### WHAT YOU WILL DO
From the line with "Topology: 3 solids, 4" through the line with "Entity records: 8420", repeat the entries verbatim, both end lines included, and add nothing.

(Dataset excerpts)

────────────────────

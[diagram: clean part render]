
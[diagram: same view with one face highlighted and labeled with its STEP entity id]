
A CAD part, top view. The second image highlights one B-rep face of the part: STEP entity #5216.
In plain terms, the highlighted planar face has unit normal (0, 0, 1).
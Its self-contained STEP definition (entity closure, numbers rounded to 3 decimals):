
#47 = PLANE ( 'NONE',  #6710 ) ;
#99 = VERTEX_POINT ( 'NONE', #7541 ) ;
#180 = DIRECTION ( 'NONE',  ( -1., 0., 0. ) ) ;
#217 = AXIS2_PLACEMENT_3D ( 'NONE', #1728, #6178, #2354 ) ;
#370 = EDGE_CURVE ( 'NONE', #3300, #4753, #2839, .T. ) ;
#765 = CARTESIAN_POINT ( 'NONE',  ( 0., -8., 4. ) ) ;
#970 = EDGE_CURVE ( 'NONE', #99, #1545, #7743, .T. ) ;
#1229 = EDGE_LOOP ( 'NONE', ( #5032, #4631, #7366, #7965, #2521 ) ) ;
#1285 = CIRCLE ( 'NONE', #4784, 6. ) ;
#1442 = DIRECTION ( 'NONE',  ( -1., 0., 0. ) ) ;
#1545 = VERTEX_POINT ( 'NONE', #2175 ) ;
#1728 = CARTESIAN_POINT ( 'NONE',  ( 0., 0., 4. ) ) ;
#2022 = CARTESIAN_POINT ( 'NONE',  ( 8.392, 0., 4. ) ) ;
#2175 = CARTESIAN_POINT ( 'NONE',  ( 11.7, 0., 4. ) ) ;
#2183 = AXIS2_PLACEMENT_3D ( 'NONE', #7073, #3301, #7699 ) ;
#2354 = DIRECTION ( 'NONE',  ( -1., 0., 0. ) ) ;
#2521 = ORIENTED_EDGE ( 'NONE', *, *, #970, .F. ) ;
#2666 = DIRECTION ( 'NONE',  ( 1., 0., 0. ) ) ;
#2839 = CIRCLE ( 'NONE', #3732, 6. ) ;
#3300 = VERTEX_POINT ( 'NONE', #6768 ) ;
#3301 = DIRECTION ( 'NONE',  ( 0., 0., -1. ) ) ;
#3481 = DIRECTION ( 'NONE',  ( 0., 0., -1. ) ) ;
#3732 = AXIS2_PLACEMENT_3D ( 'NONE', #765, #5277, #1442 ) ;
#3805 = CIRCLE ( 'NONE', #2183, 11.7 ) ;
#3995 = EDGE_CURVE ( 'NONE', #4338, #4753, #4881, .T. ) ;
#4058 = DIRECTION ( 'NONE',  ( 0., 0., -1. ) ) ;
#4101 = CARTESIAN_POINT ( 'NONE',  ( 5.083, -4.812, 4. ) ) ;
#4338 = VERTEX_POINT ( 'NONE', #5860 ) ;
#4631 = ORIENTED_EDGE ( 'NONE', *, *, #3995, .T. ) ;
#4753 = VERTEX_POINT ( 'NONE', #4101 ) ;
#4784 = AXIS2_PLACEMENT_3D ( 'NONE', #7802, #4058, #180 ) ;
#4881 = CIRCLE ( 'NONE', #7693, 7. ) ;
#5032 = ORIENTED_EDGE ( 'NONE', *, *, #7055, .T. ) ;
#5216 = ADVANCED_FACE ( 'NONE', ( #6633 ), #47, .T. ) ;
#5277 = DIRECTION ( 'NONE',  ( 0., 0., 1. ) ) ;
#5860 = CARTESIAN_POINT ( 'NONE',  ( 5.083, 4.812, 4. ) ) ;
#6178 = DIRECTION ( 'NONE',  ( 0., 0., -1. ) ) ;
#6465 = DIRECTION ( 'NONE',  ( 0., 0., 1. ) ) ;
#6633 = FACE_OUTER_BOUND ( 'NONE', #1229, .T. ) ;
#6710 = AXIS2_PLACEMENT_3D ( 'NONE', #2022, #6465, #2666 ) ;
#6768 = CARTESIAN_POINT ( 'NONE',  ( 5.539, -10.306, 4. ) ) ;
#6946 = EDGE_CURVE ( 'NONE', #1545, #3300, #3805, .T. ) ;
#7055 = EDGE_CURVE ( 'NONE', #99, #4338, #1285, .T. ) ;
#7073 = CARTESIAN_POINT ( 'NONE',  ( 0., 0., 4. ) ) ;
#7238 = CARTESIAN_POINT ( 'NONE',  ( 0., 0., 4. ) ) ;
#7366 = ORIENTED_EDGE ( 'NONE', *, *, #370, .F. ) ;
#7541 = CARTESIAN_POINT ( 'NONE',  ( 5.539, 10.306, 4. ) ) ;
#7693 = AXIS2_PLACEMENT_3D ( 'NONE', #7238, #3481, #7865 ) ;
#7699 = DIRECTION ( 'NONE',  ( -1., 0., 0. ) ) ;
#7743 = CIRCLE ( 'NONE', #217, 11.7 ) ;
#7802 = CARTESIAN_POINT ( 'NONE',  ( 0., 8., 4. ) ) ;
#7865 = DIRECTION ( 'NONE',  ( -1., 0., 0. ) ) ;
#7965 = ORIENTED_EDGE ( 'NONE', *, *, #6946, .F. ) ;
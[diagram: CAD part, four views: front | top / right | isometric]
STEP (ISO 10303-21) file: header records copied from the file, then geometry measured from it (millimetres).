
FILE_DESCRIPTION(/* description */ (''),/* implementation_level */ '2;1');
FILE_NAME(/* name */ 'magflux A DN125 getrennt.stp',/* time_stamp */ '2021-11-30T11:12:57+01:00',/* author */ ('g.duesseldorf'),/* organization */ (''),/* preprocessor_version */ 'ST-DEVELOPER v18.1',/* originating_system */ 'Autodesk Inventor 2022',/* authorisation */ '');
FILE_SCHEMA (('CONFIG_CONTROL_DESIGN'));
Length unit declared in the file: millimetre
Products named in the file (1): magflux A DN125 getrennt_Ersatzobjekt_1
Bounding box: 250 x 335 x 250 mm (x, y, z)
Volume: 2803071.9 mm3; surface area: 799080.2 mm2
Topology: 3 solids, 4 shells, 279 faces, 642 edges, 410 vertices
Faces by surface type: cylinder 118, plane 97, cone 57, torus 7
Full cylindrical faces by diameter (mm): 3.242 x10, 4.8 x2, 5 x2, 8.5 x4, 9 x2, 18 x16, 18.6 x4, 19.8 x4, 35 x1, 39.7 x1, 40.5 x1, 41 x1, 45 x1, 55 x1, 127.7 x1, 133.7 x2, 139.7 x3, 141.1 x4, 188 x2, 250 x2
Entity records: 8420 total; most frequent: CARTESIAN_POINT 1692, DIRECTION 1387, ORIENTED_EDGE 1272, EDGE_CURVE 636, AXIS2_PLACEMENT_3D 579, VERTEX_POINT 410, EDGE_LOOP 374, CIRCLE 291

────────────────────

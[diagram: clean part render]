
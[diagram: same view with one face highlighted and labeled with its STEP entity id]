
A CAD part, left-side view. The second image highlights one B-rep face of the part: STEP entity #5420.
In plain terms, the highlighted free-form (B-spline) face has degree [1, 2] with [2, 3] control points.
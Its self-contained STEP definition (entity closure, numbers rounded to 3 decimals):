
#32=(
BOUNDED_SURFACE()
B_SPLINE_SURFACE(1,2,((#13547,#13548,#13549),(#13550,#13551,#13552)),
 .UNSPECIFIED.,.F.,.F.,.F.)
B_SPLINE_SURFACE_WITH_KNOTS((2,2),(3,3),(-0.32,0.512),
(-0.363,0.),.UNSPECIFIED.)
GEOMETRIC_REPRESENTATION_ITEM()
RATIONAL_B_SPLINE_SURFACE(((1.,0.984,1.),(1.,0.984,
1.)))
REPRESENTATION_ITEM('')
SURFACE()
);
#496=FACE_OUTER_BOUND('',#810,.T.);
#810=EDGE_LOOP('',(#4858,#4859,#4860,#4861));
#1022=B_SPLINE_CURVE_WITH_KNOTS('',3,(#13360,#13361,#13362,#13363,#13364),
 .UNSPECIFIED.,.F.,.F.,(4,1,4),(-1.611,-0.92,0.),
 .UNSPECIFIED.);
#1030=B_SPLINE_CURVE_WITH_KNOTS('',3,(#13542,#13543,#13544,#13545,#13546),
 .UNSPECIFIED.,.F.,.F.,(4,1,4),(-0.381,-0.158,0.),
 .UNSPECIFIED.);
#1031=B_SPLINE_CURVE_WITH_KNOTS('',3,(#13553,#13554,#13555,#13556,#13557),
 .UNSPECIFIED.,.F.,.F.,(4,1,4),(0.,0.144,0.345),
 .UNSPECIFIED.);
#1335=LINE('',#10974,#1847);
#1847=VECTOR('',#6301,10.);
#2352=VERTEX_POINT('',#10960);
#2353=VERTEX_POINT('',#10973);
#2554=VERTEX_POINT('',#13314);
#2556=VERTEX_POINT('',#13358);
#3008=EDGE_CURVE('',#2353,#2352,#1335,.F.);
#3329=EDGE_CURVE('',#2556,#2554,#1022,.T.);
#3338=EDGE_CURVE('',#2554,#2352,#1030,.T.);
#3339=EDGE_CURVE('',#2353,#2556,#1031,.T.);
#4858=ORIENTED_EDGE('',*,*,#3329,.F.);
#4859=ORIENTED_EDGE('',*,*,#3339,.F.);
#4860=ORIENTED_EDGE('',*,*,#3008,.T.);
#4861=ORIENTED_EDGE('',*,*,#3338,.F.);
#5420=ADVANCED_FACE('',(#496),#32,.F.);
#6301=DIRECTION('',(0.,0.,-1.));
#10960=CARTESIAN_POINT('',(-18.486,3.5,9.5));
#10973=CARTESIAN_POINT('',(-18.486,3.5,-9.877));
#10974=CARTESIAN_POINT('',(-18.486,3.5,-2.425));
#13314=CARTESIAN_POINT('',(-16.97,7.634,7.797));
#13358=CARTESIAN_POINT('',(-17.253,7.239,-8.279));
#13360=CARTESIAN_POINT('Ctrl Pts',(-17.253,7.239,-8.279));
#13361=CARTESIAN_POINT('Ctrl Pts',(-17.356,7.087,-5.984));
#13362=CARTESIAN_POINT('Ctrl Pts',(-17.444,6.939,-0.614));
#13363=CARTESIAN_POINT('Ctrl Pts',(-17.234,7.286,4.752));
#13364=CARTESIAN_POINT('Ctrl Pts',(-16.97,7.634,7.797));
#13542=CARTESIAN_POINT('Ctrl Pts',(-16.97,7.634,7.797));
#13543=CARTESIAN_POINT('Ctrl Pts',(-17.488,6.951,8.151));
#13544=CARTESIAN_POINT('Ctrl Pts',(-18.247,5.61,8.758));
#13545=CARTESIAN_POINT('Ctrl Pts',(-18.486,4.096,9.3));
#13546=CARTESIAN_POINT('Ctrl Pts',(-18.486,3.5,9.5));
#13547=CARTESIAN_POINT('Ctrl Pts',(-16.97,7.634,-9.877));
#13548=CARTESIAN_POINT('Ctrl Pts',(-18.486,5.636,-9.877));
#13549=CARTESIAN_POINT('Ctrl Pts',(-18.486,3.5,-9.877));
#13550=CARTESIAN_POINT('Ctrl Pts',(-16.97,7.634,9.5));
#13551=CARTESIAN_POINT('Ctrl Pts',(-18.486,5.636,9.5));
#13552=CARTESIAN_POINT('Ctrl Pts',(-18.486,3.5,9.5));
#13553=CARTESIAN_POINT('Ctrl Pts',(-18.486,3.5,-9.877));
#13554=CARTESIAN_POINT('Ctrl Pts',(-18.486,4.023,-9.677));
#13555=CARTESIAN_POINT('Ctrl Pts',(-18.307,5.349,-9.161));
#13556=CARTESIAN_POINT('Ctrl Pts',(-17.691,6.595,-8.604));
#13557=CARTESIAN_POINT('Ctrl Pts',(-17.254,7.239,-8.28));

────────────────────

### SOLUTION TO THIS PROBLEM
Topology: 3 solids, 4 shells, 279 faces, 642 edges, 410 vertices
Faces by surface type: cylinder 118, plane 97, cone 57, torus 7
Full cylindrical faces by diameter (mm): 3.242 x10, 4.8 x2, 5 x2, 8.5 x4, 9 x2, 18 x16, 18.6 x4, 19.8 x4, 35 x1, 39.7 x1, 40.5 x1, 41 x1, 45 x1, 55 x1, 127.7 x1, 133.7 x2, 139.7 x3, 141.1 x4, 188 x2, 250 x2
Entity records: 8420 total; most frequent: CARTESIAN_POINT 1692, DIRECTION 1387, ORIENTED_EDGE 1272, EDGE_CURVE 636, AXIS2_PLACEMENT_3D 579, VERTEX_POINT 410, EDGE_LOOP 374, CIRCLE 291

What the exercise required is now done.